Israelis increase investment in Georgia’s real estate market

Israeli citizens are strengthening their position in Georgia’s real estate market. In Tbilisi, they have already become the largest group of foreign homebuyers, while in Batumi they remain among the key foreign investors, according to research by Galt & Taggart. The country continues to attract foreign buyers thanks to affordable prices, high returns, and a fast, transparent transaction process.

Who buys housing in Tbilisi

Local citizens still remain the main buyers of housing in Tbilisi. At the same time, data from surveys of major developers shows that over the past few years the market has become significantly more international.

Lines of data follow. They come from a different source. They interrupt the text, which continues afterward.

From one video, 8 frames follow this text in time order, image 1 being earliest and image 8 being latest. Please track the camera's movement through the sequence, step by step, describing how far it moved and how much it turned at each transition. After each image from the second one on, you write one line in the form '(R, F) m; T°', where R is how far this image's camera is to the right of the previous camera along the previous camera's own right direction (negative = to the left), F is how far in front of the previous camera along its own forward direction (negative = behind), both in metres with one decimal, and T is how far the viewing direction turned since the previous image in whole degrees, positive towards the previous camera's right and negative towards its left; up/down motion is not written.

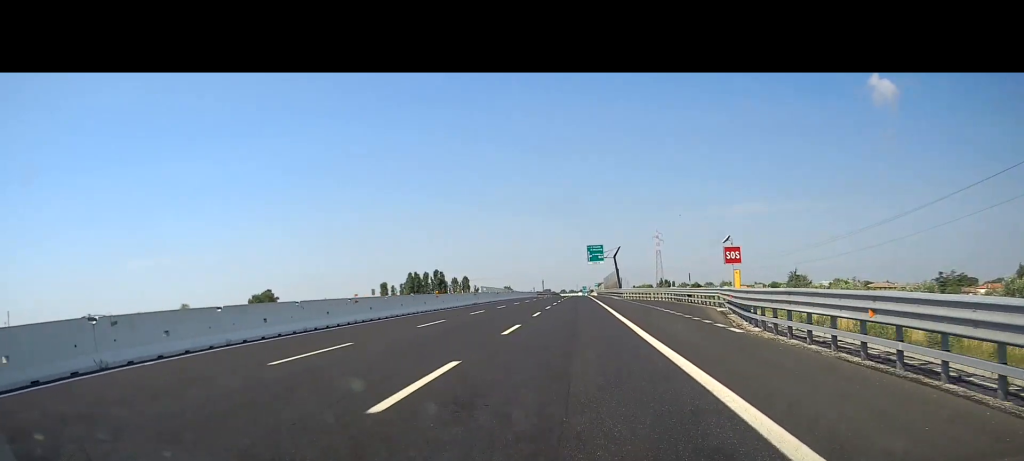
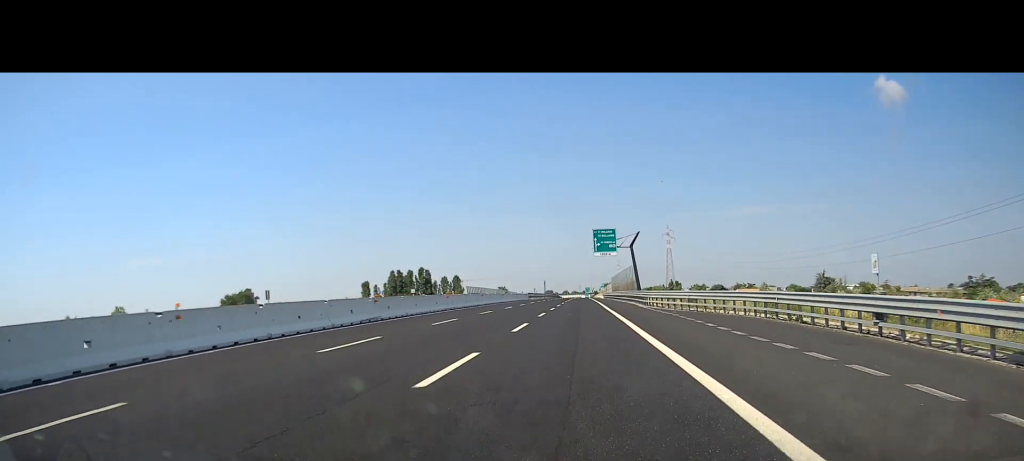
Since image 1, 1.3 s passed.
(0.0, +33.3) m; 0°
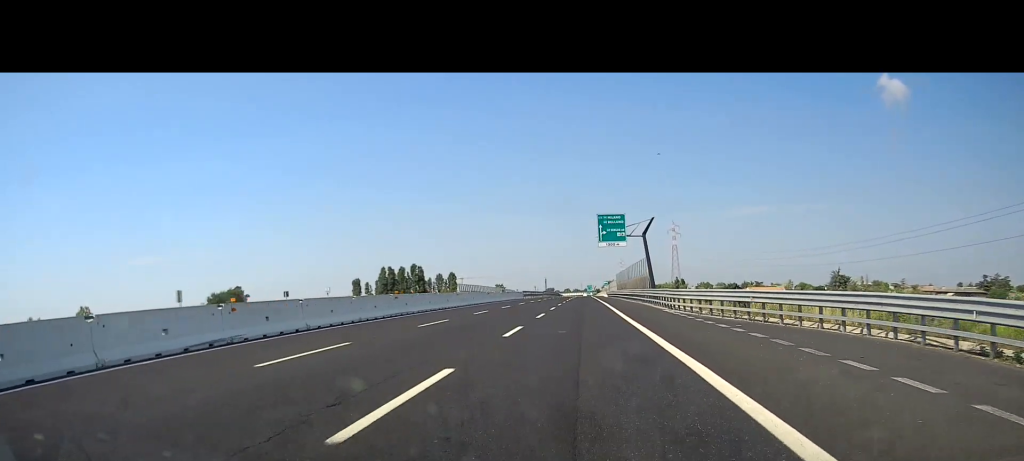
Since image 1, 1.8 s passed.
(+0.1, +14.9) m; 0°
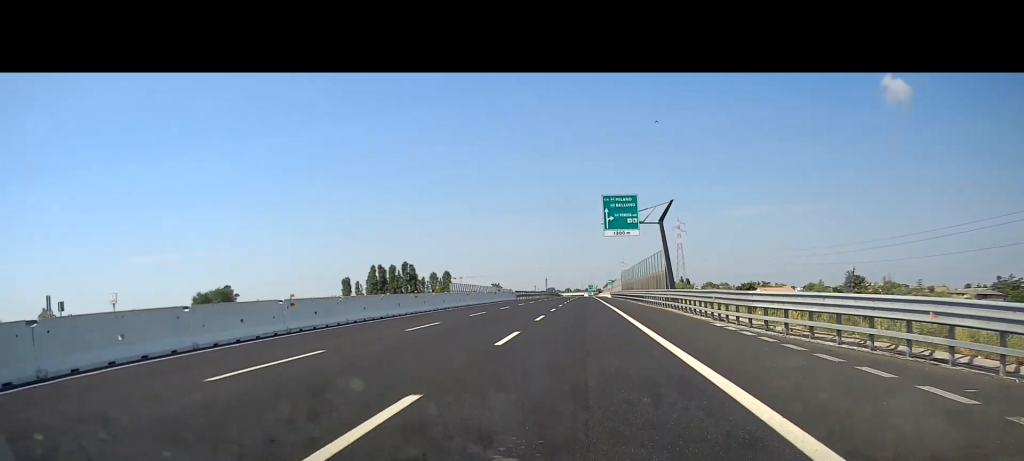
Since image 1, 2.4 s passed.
(-0.1, +14.0) m; 0°
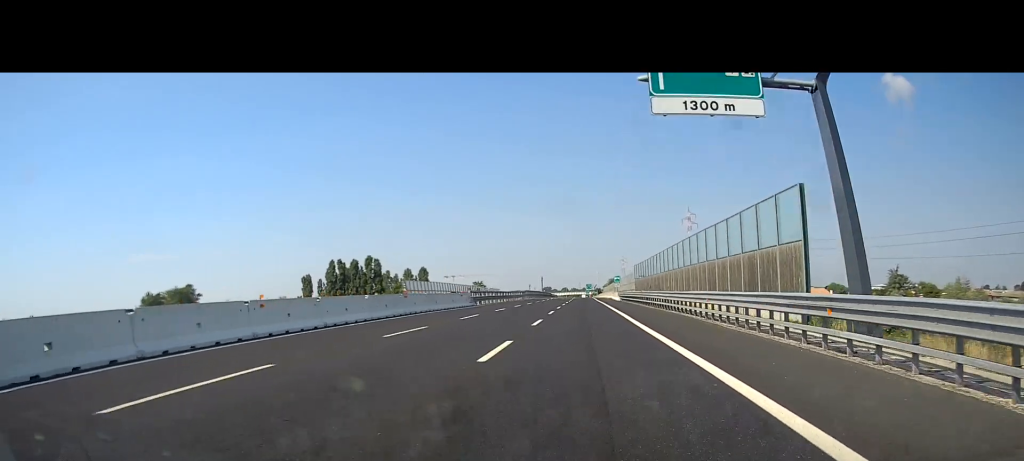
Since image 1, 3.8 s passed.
(-0.3, +38.8) m; -1°
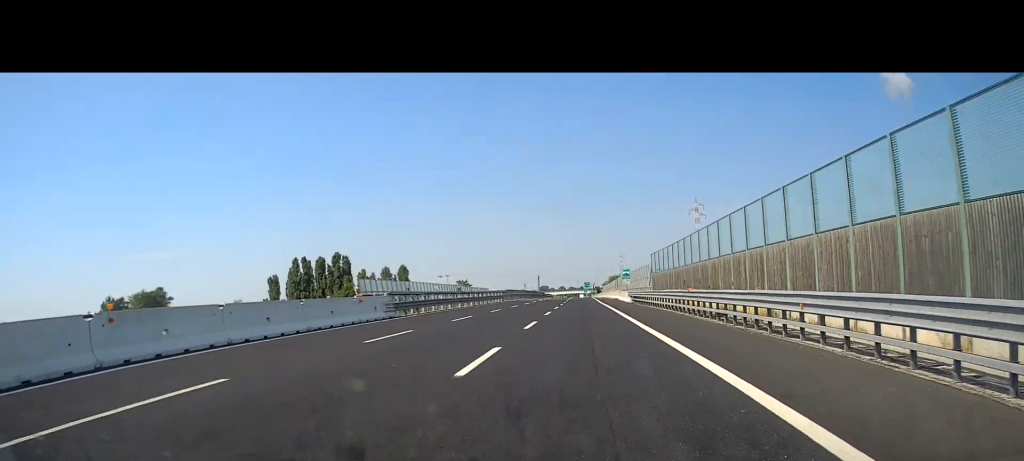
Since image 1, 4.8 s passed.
(0.0, +25.7) m; 0°
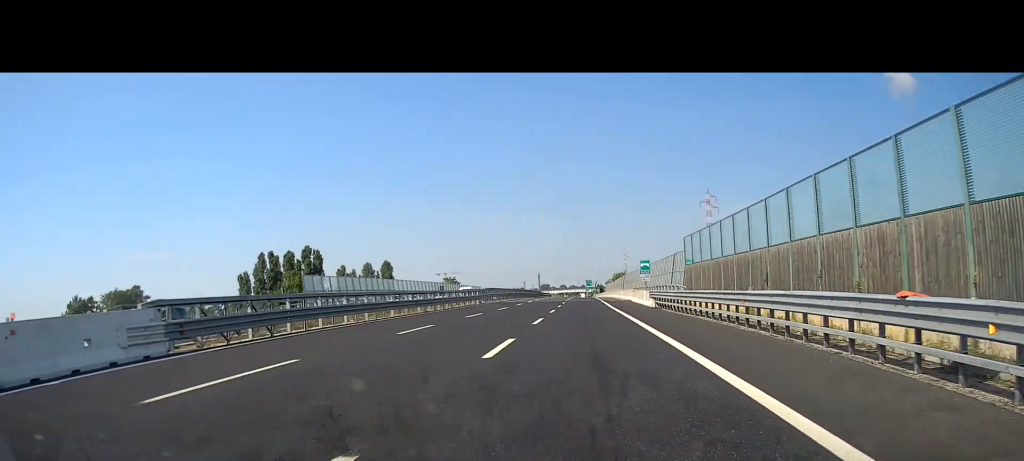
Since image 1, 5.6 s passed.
(-0.1, +21.2) m; 0°
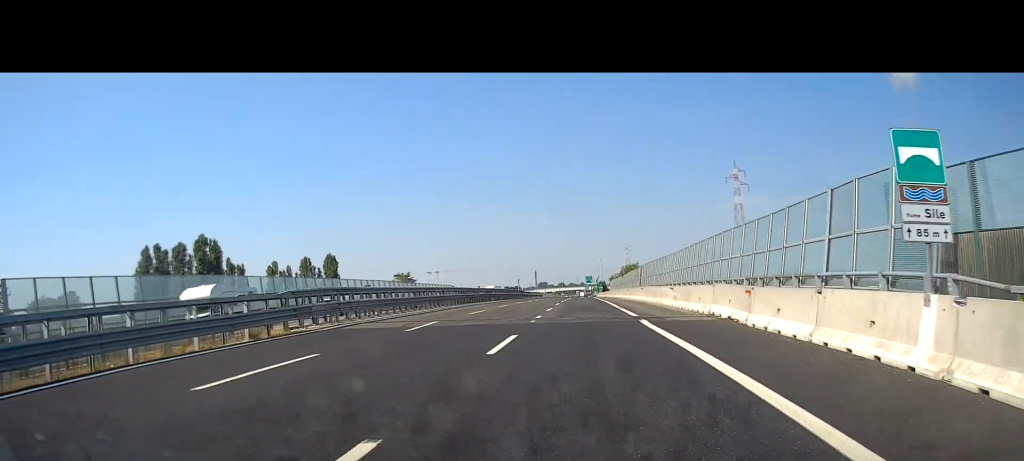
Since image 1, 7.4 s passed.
(+0.1, +46.7) m; 0°

In 2023, Georgian citizens accounted for 85% of all apartment sales in the projects included in the study. In 2024 this figure fell to 79%, in 2025 to 76%, and in the first four months of 2026 to 75%.

This means that the share of foreign buyers increased from 15% to 25% over three years. In practice, one in four apartments in new residential complexes in Tbilisi is now purchased by a foreigner. The most notable growth has come from Israeli buyers. In 2023 they accounted for only 4% of sales, rising to 10% in 2024. In 2025 the figure remained at this level, and in January–April 2026 reached 11%.

Thus, Israelis have become the largest group of foreign homebuyers in Tbilisi’s primary market. Today, more than one in ten apartments in new projects is purchased by Israeli citizens.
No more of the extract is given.